**Supplied records**
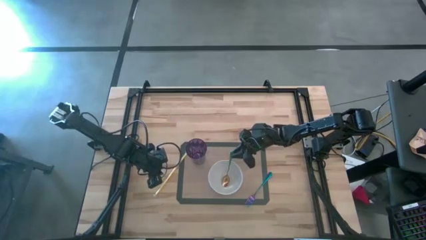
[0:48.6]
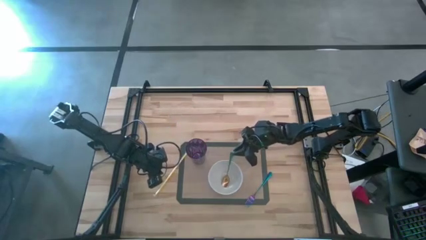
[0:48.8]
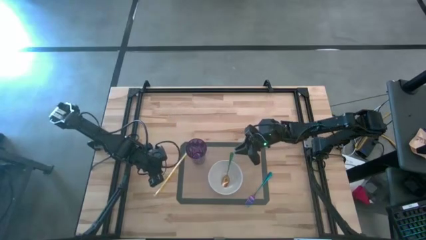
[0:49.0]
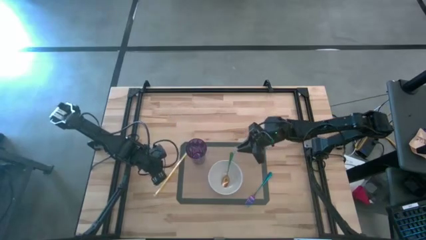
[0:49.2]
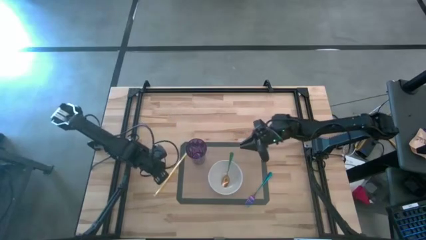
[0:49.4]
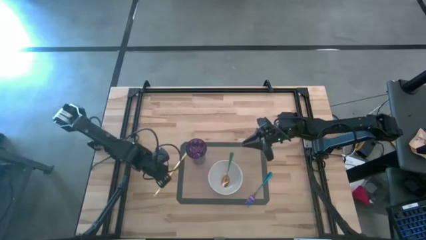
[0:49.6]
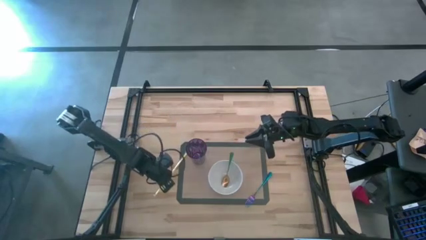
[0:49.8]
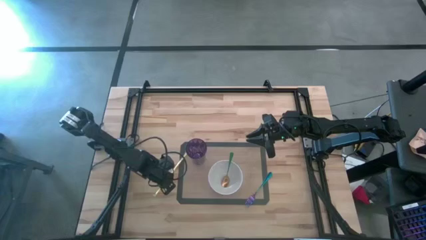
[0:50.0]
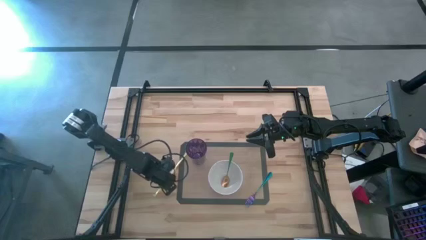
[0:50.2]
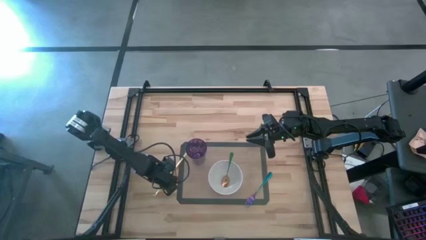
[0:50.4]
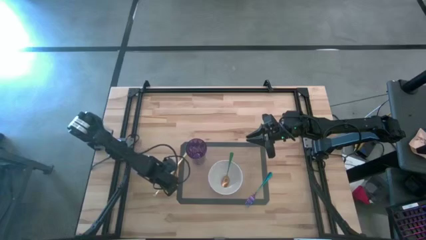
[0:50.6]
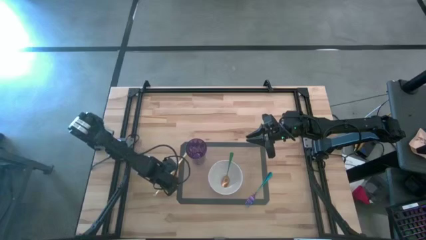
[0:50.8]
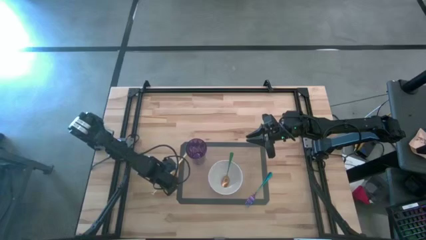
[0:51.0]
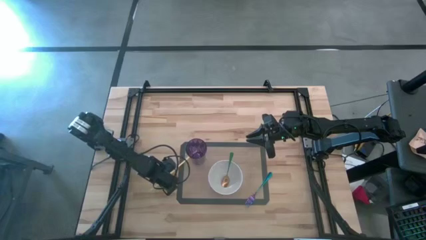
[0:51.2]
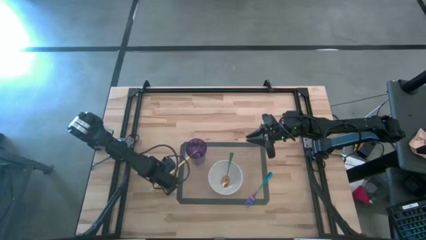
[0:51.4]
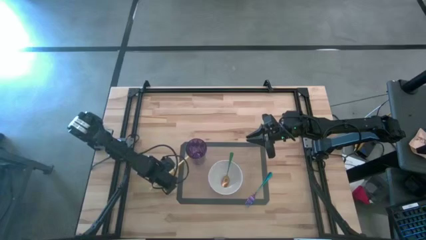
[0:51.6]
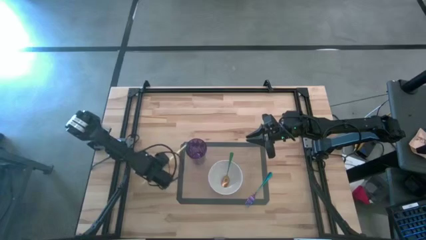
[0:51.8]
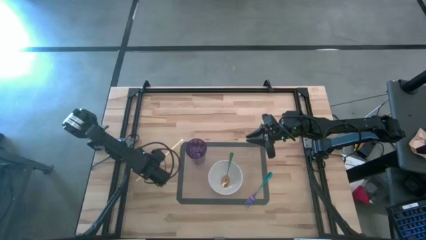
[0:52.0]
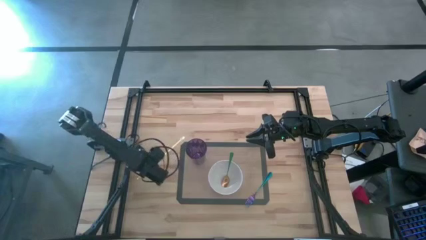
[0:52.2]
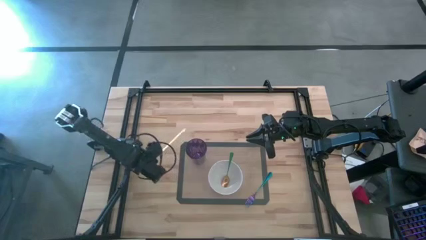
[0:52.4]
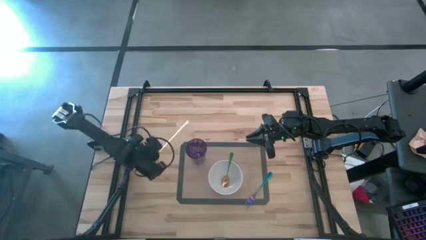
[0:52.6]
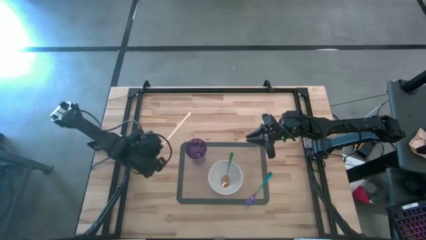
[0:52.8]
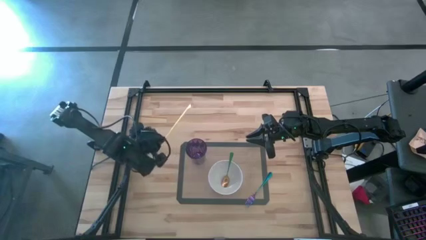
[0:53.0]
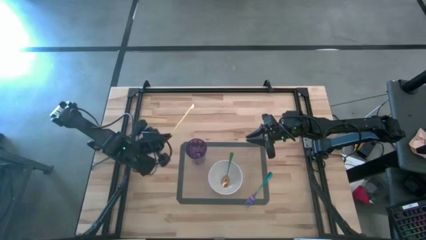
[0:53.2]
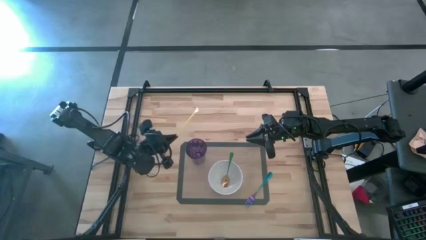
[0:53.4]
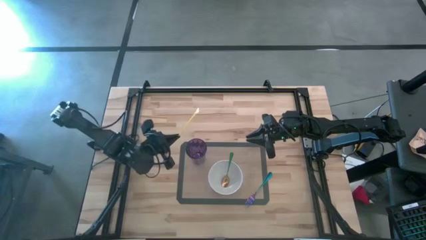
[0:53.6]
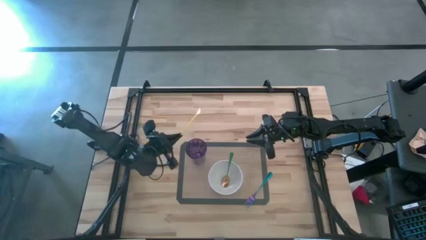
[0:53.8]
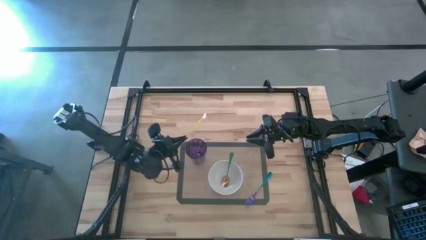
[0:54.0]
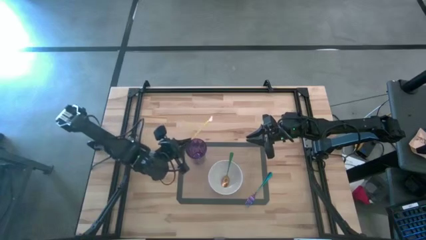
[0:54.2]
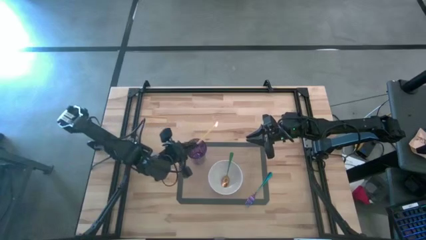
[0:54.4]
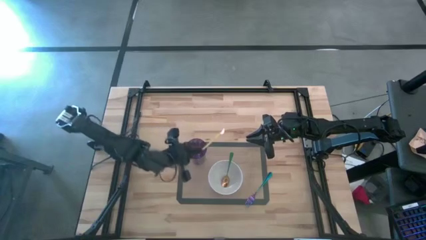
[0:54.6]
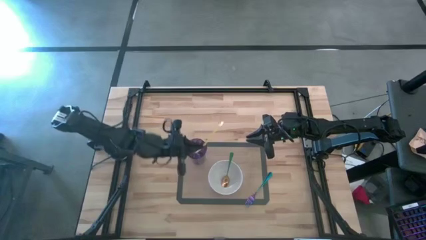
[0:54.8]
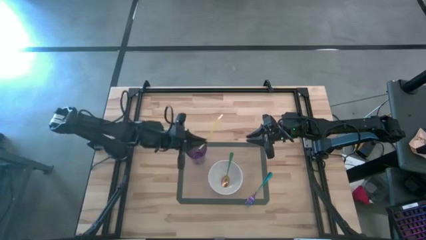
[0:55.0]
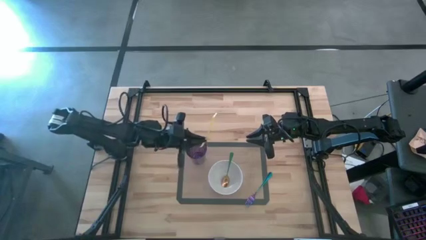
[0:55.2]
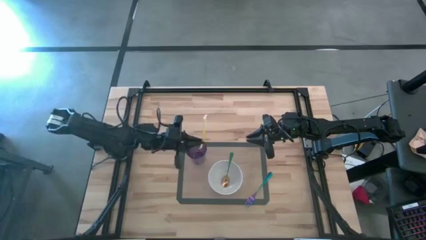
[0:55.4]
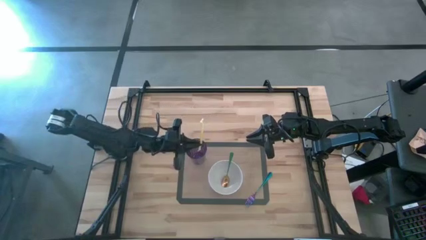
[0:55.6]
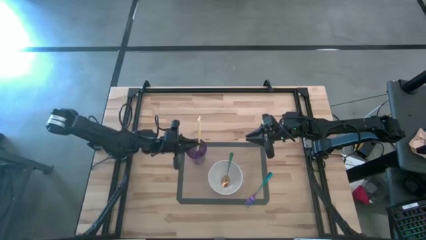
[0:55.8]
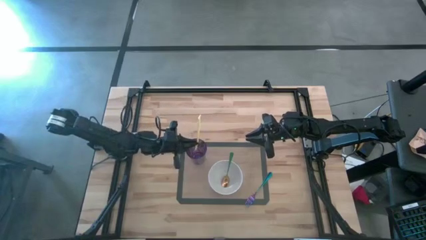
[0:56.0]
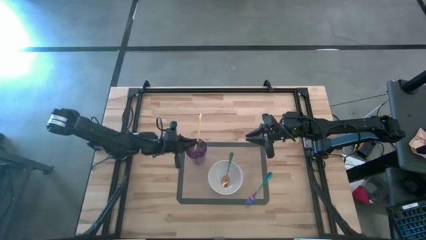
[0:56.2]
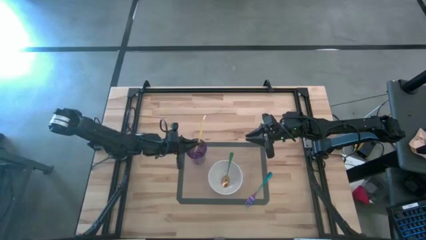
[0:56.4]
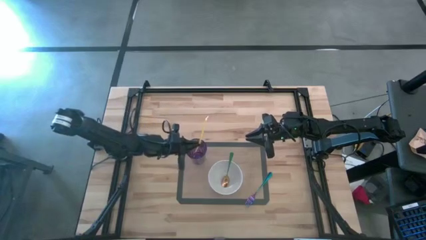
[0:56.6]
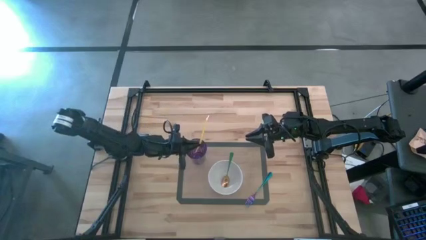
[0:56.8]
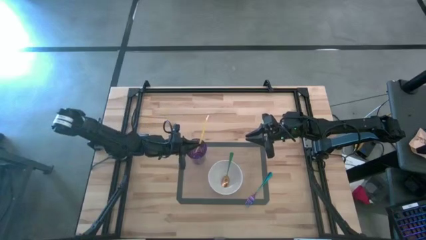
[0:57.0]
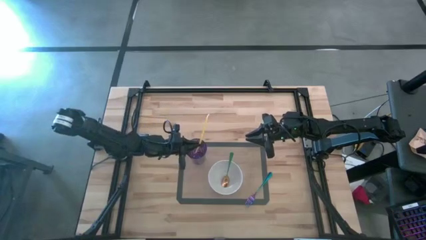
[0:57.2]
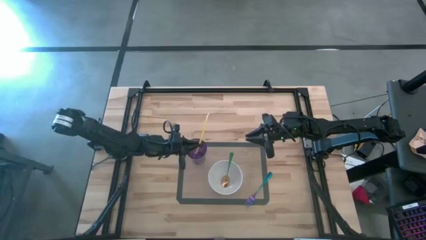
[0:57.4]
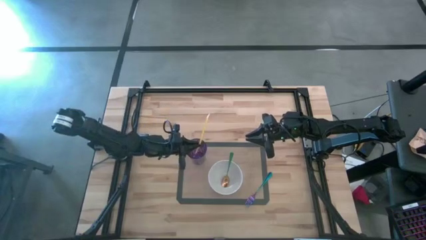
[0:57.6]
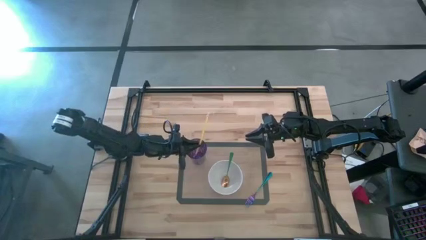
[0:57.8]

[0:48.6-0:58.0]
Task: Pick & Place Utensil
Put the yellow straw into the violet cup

**Directions**
Would you please print the entries once more, word for word, minus the pictures?

**Answer for this exercise**
[0:48.6]
[0:48.8]
[0:49.0]
[0:49.2]
[0:49.4]
[0:49.6]
[0:49.8]
[0:50.0]
[0:50.2]
[0:50.4]
[0:50.6]
[0:50.8]
[0:51.0]
[0:51.2]
[0:51.4]
[0:51.6]
[0:51.8]
[0:52.0]
[0:52.2]
[0:52.4]
[0:52.6]
[0:52.8]
[0:53.0]
[0:53.2]
[0:53.4]
[0:53.6]
[0:53.8]
[0:54.0]
[0:54.2]
[0:54.4]
[0:54.6]
[0:54.8]
[0:55.0]
[0:55.2]
[0:55.4]
[0:55.6]
[0:55.8]
[0:56.0]
[0:56.2]
[0:56.4]
[0:56.6]
[0:56.8]
[0:57.0]
[0:57.2]
[0:57.4]
[0:57.6]
[0:57.8]

[0:48.6-0:58.0]
Task: Pick & Place Utensil
Put the yellow straw into the violet cup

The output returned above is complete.